Der durch den Krieg in der Ukraine ausgelöste Preisschock hat auch die Student:Innen stark getroffen. Steigende Lebensmittelpreise, höhere Strom- und Energiekosten, möglicherweise auch höhere Kaltmieten lassen den finanziellen Spielraum für Student:Innen schrumpfen. 2016 wurden die durchschnittlichen monatlichen Ausgaben von Student:Innen auf 867 Euro geschätzt. Jedoch stieg der Verbraucherpreisindex zwischen 2016 und 2021 um 8,6 Prozent. Mit der erwarteten Inflationsrate von 8,4 Prozent für das Jahr 2022 beträgt die Preissteigerung, bezogen auf das Jahr 2016, also 17 Prozent. Die durchschnittlichen monatlichen Ausgaben der Student:Innen von heute sind inzwischen auf 1.014,39 Euro angewachsen.

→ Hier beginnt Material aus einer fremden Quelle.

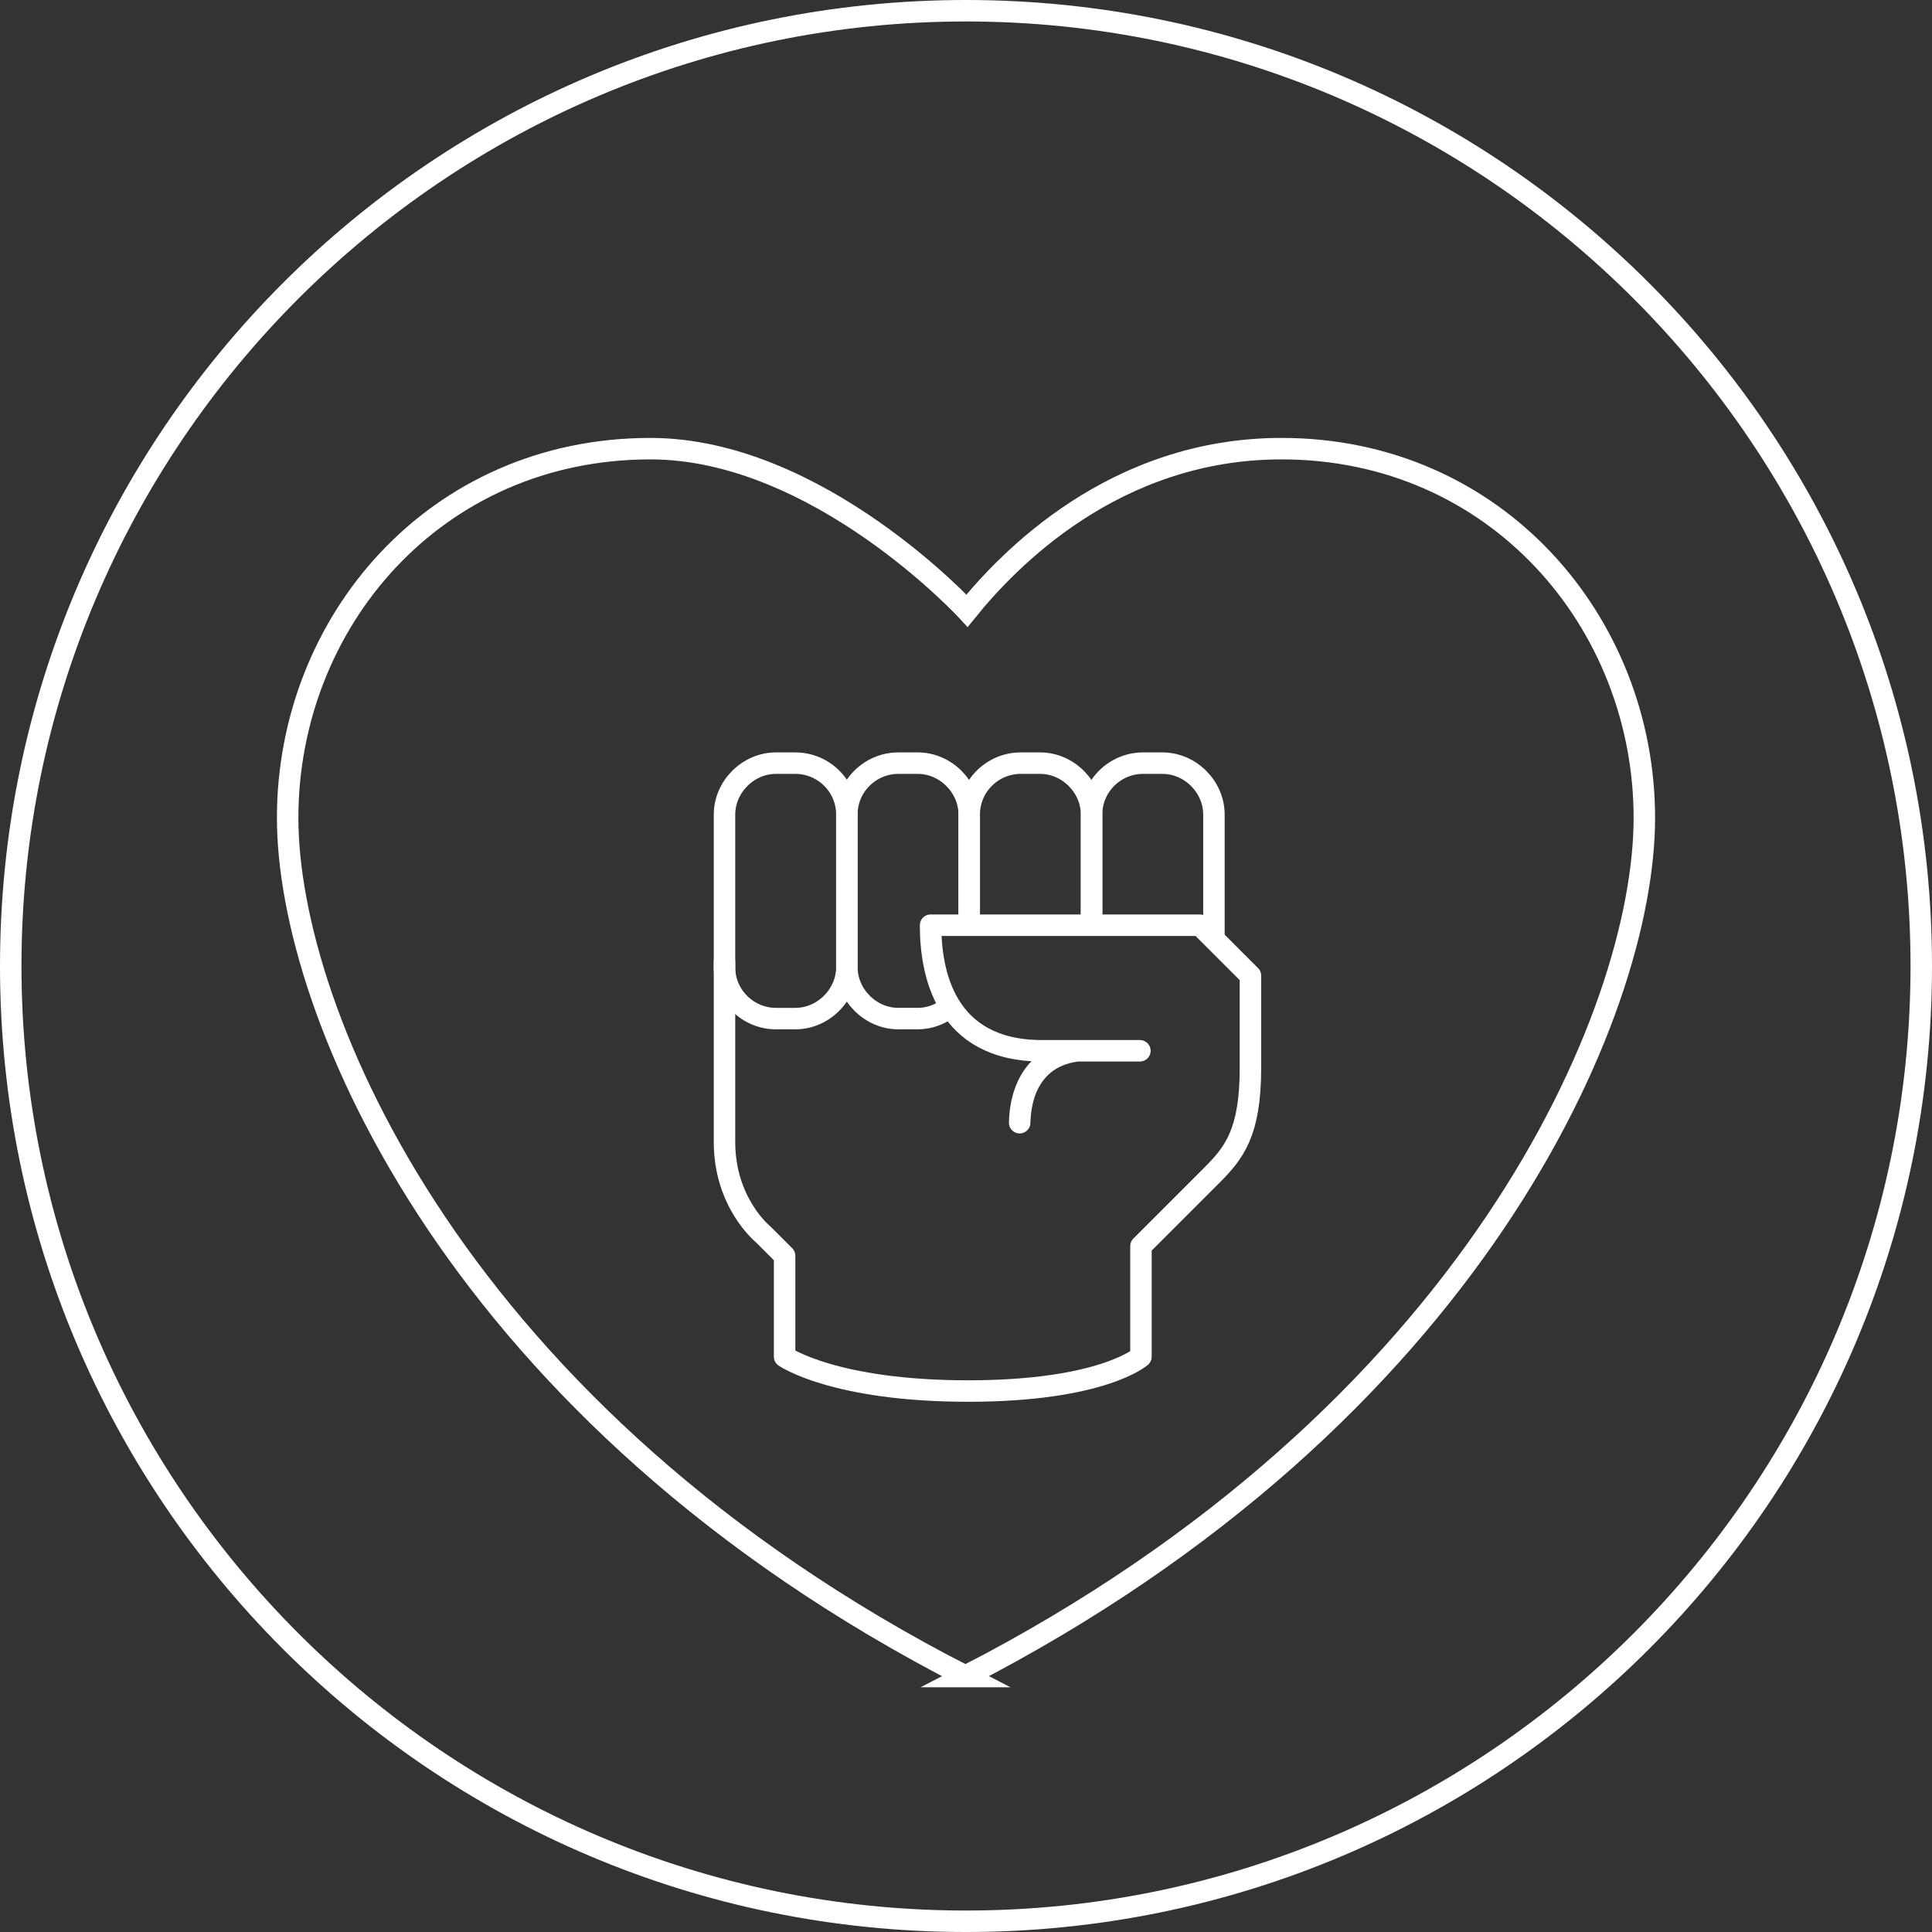 <?xml version="1.0" encoding="UTF-8"?> <svg xmlns="http://www.w3.org/2000/svg" id="a" viewBox="0 0 180 180"><rect x="0" y="0" width="180" height="180" fill="#333333" stroke="none"/><defs><style>.b{stroke-linecap:round;stroke-linejoin:round;}.b,.c{fill:none;stroke:#fff;stroke-width:2px;}.d{fill:#fff;}.c{stroke-miterlimit:10;}</style></defs><path class="c" d="M89.9,156.2c47.3-24.3,63.3-61.8,63.3-80,0-18.2-13.8-34.4-33.8-34.4h0c-15.6,0-25.5,10.4-29.3,15.1,0,0-13.9-15.1-29.5-15.1h0c-20.1,0-33.8,16.2-33.8,34.4s15.9,55.8,63.2,80h0Z"></path><path class="d" d="M90,2c48.5,0,88,39.5,88,88s-39.5,88-88,88S2,138.5,2,90,41.5,2,90,2M90,0C40.3,0,0,40.3,0,90s40.3,90,90,90,90-40.3,90-90S139.7,0,90,0h0Z"></path><path class="c" d="M113.1,87.5v-11.6c0-2.6-2.2-4.8-4.8-4.8h-1.8c-2.6,0-4.8,2.1-4.8,4.8v10.5"></path><path class="c" d="M101.7,87.1v-11.2c0-2.6-2.2-4.8-4.8-4.8h-1.8c-2.6,0-4.8,2.1-4.8,4.8v11"></path><path class="c" d="M78.9,88.9v1.2c0,2.6-2.2,4.8-4.8,4.8h-1.8c-2.6,0-4.8-2.1-4.8-4.8v-.7s0-2.5,0-2.5v-11c0-2.6,2.2-4.8,4.8-4.8h1.8c2.6,0,4.8,2.1,4.8,4.8v2.9s0,10.1,0,10.1Z"></path><path class="c" d="M90.3,86.1v-10.2c0-2.6-2.2-4.8-4.8-4.8h-1.8c-2.6,0-4.8,2.1-4.8,4.8v14.2c0,2.6,2.2,4.8,4.8,4.8h1.8c1.1,0,2.1-.4,2.9-1"></path><path class="b" d="M67.5,89.6v16.8c0,5.7,3.6,8.6,3.6,8.6l2,2v9.4s4.6,3.2,17.1,3.2,16.1-3.2,16.1-3.2v-10.3s4.5-4.5,6.6-6.6c2.1-2.1,3.6-4,3.6-10v-8.6l-4.7-4.7h-25.1c0,4.4,1.3,11.7,10.4,11.7h9.1-5.8c-3.4.4-5.3,2.9-5.4,6.7"></path></svg>

Finanzierungsmöglichkeiten während des Studiums stellen in der Regel Mini-Jobs und BAföG oder Stipendien dar. Der durchschnittliche BAföG-Förderbetrag im Jahr 2021 betrug 579 Euro. Dieser deckt in der Regel rund 50 Prozent der durchschnittlichen Ausgaben. Die Aufnahme eines Mini-Jobs ist also, wenn keine Bezuschussung durch die Eltern erfolgen kann, ein Muss. Durch die Erhöhung der Mini-Job-Grenze kann hier mit Einnahmen in Höhe von 520 Euro gerechnet werden. Damit stünden auf der Einnahmeseite insgesamt rund 1.100 Euro zur Verfügung. Die Ausgabenseite wäre durch diese regelmäßigen Einkünfte gerade so gedeckt.

Allerdings erhalten Student:Innen derzeit Gelder aus den von der Bundesregierung beschlossenen Entlastungspaketen: für Student:Innen mit Mini-Jobs 500 Euro, für Student:Innen ohne Mini-jobs 200 Euro.

Nach dem Studium arm?

Bei dieser Kalkulation wurde indes mit Prämissen gearbeitet, die nicht für alle Student:Innen selbstverständlich sind. So ist die Möglichkeit, neben einem Vollzeitstudium überhaupt einen Mini-Job aufzunehmen, ein zeitlicher Mehraufwand, den viele Student:Innen nicht leisten können. Anders ließe sich nur schwer erklären, dass lediglich 33,5 Prozent einen universitären Abschluss in Regelstudienzeit absolvieren, argumentieren Befürworter:Innen der These, Nebenjobs seien im Studium vor allem Zeitfresser. Daraus ergeben sich Folgeprobleme, unter anderem da die BAföG-Förderung grundsätzlich nur im Rahmen ebendieser Regelstudienzeit erfolgt.

Die Rechnung hinter der Förderlinie fußt dabei auf der Annahme, dass alle zur Verfügung stehenden staatlichen Leistungen auch tatsächlich in Anspruch genommen werden. Da bürokratische und/ oder sprachliche Hürden die Antragsstellung oft verhindern, ist dies allerdings nicht immer der Fall. Auch die Funktionsweise des BAföG stellt eine Hürde dar: Die Aussicht, sich im Studium zu verschulden, ohne zu wissen, ob man es sich in der Zukunft leisten kann, das Darlehen zurückzuzahlen, macht vielen Angst, wie Umfragen zeigen.